- [TASK DIRECTIONS]
Whenever the string "outdoors" turns up in a line of the data below, copy that line.

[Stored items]
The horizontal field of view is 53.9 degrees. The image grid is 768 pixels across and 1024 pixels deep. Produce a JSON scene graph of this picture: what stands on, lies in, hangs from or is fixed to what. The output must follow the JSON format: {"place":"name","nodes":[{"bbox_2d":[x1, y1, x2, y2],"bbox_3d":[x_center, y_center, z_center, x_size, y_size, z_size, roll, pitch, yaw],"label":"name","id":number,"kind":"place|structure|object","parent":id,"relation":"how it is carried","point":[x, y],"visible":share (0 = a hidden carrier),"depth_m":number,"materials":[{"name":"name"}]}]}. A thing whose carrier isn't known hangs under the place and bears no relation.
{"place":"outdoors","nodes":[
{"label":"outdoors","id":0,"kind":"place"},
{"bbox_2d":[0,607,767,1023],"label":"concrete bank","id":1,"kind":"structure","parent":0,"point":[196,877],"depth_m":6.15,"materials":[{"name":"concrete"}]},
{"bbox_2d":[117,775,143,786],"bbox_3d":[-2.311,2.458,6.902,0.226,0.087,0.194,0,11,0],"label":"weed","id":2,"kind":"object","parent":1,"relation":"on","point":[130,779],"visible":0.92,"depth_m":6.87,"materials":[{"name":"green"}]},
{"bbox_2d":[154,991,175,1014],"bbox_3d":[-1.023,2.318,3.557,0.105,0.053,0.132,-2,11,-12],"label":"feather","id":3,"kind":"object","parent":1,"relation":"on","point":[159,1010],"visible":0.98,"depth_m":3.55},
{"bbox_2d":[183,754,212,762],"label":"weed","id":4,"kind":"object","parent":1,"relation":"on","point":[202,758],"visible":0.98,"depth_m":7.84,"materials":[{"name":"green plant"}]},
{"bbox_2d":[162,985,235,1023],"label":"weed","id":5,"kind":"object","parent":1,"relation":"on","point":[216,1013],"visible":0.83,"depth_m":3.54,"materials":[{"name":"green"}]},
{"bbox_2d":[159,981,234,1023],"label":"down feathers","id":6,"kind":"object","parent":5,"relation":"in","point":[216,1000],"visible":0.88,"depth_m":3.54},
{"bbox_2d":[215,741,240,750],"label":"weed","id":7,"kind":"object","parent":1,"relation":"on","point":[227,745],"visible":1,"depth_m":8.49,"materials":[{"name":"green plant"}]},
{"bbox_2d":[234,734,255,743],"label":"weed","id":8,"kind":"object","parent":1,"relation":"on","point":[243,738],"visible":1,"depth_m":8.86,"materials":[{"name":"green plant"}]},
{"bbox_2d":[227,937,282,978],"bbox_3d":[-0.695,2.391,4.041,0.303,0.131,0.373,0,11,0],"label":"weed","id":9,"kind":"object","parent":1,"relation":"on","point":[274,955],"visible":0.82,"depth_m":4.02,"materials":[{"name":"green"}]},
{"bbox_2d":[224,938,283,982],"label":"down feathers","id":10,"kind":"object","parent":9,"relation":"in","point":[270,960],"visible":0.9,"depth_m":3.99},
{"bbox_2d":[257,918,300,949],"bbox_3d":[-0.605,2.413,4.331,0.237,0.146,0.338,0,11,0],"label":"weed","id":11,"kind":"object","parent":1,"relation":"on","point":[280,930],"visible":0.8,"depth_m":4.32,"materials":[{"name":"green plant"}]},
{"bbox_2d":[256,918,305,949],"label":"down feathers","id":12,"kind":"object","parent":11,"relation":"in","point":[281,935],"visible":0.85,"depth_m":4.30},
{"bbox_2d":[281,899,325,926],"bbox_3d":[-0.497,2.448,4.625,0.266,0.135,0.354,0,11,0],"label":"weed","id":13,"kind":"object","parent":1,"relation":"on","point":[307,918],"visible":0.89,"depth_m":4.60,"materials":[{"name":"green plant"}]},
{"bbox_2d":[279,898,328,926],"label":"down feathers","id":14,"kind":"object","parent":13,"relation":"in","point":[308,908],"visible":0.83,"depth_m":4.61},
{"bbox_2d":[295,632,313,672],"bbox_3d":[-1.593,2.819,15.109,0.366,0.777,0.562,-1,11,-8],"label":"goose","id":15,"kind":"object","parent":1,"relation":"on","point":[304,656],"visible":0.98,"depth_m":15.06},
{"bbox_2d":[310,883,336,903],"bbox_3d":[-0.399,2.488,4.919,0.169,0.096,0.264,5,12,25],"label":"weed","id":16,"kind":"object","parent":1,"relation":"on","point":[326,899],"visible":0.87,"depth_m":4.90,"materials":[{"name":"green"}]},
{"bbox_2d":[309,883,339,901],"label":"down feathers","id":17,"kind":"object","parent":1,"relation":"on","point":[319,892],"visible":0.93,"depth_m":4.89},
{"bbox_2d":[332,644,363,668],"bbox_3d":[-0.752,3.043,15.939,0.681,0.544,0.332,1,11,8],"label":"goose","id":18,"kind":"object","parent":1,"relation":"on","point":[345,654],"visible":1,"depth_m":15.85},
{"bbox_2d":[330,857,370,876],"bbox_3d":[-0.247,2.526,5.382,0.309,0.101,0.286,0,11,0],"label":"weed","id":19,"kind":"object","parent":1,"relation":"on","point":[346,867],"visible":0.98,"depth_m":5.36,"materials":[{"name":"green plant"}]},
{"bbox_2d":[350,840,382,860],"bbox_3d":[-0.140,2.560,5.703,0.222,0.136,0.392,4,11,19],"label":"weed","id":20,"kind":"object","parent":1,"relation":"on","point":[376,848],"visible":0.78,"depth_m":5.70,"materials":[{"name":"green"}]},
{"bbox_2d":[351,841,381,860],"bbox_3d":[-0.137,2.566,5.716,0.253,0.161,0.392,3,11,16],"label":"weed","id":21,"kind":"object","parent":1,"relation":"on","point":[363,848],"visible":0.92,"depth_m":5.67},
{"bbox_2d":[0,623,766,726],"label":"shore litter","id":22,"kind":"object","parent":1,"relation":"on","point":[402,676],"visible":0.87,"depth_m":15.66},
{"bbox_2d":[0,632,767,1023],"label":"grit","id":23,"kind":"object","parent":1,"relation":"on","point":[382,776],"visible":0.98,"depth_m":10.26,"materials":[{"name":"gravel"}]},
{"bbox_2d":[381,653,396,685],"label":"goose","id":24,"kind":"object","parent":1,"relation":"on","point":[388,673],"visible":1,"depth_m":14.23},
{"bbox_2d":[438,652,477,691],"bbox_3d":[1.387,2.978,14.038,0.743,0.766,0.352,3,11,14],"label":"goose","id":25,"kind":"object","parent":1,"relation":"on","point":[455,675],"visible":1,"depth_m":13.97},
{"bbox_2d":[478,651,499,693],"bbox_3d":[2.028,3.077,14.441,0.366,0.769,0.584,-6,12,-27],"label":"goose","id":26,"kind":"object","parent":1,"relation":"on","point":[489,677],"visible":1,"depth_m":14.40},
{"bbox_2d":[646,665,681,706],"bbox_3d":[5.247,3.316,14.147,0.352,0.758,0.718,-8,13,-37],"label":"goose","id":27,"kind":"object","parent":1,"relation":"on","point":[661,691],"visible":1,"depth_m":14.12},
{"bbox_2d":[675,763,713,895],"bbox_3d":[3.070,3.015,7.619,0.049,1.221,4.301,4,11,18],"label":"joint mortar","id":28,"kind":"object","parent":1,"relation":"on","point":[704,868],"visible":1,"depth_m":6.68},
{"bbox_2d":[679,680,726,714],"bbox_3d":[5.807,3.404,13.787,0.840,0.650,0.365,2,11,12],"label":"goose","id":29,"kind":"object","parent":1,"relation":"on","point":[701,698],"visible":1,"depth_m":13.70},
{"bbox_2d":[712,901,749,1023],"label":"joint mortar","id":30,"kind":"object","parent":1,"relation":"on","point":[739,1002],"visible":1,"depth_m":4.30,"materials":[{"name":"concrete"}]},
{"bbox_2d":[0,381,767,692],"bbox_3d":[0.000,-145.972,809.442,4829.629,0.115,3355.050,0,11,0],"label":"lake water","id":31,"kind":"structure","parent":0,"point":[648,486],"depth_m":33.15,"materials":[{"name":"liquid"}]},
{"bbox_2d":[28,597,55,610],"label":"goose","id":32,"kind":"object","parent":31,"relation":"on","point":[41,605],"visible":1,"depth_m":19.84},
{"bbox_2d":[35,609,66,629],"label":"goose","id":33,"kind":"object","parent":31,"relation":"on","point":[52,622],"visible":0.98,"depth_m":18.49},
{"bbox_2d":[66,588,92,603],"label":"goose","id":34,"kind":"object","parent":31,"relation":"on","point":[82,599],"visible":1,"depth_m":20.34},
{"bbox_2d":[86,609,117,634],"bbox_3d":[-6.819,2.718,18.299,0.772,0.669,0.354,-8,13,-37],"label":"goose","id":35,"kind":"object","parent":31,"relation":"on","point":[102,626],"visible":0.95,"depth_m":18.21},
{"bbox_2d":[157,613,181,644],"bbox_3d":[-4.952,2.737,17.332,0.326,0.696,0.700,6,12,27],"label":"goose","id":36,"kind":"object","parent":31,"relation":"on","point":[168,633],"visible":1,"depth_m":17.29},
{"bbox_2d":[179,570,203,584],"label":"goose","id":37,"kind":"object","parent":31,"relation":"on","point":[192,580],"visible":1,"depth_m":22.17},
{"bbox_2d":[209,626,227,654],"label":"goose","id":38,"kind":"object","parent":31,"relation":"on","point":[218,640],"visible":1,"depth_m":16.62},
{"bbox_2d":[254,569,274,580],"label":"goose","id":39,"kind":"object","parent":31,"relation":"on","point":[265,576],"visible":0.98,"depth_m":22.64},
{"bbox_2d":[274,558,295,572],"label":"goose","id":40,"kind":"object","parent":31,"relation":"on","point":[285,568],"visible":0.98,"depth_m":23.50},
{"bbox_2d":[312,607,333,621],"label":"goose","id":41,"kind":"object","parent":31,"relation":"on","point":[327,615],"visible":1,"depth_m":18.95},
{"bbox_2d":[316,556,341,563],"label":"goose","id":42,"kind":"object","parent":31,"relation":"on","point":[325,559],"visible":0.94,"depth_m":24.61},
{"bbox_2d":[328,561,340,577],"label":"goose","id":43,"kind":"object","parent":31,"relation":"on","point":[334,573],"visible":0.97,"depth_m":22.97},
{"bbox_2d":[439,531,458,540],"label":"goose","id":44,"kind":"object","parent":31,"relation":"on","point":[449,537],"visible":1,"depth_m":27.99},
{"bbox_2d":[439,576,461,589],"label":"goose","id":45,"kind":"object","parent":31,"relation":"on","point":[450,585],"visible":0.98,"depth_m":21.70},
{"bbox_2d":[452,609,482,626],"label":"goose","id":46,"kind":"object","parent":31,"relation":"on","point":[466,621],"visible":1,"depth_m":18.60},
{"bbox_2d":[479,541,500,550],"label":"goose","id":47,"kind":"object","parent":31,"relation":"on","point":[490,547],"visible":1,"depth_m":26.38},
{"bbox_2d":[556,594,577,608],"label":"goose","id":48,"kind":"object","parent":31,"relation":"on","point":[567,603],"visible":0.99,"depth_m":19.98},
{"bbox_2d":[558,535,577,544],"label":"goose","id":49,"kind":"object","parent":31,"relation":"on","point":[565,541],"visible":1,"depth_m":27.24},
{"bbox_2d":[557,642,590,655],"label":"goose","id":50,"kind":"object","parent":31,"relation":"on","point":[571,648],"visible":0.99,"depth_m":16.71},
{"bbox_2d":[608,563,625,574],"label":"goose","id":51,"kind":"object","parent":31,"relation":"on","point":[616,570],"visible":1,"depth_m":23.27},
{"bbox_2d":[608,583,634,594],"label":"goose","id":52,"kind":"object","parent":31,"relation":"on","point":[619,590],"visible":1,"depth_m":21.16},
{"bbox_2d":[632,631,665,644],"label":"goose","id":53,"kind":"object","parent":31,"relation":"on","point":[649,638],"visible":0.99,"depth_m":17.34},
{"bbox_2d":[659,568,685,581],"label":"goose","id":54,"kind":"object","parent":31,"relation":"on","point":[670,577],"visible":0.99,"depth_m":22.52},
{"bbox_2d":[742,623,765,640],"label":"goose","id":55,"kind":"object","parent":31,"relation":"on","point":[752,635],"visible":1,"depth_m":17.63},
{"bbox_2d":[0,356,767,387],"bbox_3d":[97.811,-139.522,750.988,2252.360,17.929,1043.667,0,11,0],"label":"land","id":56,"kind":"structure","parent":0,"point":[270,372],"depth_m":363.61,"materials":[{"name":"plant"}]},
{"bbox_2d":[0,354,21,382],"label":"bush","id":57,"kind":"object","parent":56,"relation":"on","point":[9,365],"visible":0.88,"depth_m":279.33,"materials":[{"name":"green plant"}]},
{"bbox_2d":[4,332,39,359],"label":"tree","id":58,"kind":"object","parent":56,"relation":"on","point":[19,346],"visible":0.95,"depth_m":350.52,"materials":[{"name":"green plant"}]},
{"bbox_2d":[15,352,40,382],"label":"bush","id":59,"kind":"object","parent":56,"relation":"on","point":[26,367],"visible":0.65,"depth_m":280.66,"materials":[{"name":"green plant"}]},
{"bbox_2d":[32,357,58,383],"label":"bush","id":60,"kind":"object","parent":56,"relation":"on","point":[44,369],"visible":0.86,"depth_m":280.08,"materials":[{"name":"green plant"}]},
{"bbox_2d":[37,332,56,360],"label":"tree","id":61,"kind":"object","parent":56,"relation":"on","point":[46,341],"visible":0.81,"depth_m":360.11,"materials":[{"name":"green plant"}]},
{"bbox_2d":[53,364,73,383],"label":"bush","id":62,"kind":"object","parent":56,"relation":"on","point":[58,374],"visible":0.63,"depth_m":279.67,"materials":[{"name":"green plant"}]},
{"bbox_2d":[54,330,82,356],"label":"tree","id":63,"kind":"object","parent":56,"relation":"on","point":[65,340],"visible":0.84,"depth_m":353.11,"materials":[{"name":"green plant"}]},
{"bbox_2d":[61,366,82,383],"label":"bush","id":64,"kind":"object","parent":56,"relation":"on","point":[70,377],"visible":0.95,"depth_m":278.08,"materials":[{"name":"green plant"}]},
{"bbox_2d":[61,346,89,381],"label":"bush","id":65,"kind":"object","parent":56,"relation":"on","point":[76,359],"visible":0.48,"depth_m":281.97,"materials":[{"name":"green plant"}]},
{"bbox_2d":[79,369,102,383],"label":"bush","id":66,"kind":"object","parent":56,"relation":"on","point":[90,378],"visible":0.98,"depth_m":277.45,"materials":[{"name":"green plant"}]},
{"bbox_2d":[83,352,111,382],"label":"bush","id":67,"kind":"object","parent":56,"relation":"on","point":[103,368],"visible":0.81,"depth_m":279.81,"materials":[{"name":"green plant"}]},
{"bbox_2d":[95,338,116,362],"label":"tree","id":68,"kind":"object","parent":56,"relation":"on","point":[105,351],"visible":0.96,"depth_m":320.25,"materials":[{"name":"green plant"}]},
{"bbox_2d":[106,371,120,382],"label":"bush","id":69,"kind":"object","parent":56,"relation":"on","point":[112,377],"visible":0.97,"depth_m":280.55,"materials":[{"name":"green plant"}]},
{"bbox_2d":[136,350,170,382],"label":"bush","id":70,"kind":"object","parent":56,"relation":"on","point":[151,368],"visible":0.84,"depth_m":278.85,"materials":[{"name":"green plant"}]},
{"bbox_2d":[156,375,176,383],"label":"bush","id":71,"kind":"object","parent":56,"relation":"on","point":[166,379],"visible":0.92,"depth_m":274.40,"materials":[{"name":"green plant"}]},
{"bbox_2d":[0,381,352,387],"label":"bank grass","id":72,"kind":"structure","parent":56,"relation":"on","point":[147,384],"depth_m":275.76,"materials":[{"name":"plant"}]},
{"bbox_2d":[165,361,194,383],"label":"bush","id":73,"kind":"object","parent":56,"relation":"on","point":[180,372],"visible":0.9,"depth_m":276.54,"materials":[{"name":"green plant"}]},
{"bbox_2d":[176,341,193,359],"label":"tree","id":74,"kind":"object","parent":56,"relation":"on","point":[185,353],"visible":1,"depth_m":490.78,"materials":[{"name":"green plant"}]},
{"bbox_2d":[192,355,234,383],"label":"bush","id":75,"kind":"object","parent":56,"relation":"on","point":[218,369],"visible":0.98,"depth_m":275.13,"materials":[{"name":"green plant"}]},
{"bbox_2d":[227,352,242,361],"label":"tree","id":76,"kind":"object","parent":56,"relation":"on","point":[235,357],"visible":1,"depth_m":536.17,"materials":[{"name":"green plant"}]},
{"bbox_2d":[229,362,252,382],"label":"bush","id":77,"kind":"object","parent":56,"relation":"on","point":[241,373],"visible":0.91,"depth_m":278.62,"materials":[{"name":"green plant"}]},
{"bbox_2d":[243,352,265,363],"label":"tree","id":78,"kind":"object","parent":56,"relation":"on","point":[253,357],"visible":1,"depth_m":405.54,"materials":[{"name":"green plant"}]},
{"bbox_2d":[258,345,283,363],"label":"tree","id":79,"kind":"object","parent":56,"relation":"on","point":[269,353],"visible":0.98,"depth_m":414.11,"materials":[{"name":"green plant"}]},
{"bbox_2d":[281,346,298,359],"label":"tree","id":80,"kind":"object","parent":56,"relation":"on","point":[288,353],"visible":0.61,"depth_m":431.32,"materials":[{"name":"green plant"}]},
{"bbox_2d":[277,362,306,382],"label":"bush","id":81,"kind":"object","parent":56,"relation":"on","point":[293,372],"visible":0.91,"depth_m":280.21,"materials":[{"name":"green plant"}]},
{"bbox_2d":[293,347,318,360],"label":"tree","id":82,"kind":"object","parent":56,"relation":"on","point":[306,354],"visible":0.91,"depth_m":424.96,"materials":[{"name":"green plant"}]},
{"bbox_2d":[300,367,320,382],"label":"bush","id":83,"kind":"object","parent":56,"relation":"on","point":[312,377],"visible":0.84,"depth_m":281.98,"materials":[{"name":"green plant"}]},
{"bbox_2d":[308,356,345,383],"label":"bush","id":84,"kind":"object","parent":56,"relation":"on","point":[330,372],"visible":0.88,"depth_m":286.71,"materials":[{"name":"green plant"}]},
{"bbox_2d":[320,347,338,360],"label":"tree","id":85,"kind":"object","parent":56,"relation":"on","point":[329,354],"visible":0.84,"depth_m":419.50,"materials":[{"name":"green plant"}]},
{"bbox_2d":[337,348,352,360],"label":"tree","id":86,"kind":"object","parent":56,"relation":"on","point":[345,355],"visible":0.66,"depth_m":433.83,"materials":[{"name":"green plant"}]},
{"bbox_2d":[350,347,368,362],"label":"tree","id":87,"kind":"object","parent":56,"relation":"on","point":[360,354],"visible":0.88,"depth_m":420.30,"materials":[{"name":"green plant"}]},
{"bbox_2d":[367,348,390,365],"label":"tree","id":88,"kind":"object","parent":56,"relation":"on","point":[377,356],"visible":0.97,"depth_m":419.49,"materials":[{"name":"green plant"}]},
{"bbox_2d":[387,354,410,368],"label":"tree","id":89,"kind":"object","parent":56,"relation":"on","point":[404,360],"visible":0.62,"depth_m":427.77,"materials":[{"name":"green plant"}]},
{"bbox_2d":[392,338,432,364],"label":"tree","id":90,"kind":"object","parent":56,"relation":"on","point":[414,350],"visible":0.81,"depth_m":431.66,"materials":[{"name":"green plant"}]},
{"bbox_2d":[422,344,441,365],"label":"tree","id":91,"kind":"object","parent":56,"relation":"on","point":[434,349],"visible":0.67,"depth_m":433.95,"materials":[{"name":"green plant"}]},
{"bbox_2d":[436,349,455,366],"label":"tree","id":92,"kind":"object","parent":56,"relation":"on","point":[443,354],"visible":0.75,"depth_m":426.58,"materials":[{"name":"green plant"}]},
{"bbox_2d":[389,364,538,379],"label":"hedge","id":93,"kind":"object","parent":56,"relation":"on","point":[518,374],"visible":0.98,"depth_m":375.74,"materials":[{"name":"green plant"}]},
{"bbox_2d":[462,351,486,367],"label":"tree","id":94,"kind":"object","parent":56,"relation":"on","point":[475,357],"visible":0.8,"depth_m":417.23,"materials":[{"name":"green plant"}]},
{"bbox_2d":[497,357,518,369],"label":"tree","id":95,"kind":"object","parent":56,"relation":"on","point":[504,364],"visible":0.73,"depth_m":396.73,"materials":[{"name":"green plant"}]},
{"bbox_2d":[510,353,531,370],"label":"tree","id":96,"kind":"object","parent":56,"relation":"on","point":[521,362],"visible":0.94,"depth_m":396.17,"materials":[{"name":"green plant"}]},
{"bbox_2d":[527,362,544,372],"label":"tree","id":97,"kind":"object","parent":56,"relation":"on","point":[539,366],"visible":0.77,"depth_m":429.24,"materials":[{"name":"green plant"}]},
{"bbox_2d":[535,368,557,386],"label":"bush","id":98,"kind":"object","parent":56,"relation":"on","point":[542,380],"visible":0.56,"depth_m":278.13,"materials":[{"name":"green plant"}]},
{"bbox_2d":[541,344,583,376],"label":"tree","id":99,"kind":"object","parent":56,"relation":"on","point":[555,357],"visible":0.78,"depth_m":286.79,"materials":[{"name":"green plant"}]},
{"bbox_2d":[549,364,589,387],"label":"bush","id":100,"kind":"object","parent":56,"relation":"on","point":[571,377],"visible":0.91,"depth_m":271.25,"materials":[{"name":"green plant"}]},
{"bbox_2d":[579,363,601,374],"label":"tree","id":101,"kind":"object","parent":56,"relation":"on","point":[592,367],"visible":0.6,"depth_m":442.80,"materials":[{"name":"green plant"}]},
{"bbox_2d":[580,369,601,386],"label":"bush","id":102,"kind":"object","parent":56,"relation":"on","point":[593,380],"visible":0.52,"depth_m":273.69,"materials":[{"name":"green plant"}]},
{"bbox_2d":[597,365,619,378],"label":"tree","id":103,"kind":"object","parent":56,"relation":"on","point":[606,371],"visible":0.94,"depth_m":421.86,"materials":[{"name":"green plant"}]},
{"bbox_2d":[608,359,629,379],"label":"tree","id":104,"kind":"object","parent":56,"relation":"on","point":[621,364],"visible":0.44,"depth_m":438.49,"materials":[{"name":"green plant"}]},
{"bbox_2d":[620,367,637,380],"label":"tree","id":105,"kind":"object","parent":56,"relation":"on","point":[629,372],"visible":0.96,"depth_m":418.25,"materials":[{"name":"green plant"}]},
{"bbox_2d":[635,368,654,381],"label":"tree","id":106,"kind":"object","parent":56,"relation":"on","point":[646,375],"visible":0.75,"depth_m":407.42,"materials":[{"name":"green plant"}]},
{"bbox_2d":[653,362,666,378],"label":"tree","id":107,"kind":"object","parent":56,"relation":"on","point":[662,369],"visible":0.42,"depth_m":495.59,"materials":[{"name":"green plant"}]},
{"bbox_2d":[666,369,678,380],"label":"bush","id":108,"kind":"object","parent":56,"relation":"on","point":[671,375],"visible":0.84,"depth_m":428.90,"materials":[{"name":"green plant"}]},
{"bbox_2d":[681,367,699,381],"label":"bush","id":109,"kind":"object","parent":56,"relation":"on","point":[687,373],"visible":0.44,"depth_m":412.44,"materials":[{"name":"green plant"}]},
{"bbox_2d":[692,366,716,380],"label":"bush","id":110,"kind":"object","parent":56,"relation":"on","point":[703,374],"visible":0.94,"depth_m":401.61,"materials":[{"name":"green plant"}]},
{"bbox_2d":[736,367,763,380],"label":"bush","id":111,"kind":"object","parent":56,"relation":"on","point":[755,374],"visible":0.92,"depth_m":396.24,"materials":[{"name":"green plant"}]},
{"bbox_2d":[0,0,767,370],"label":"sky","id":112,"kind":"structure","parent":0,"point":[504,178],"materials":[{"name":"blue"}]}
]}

- [RESULT]
{"place":"outdoors","nodes":[
{"label":"outdoors","id":0,"kind":"place"},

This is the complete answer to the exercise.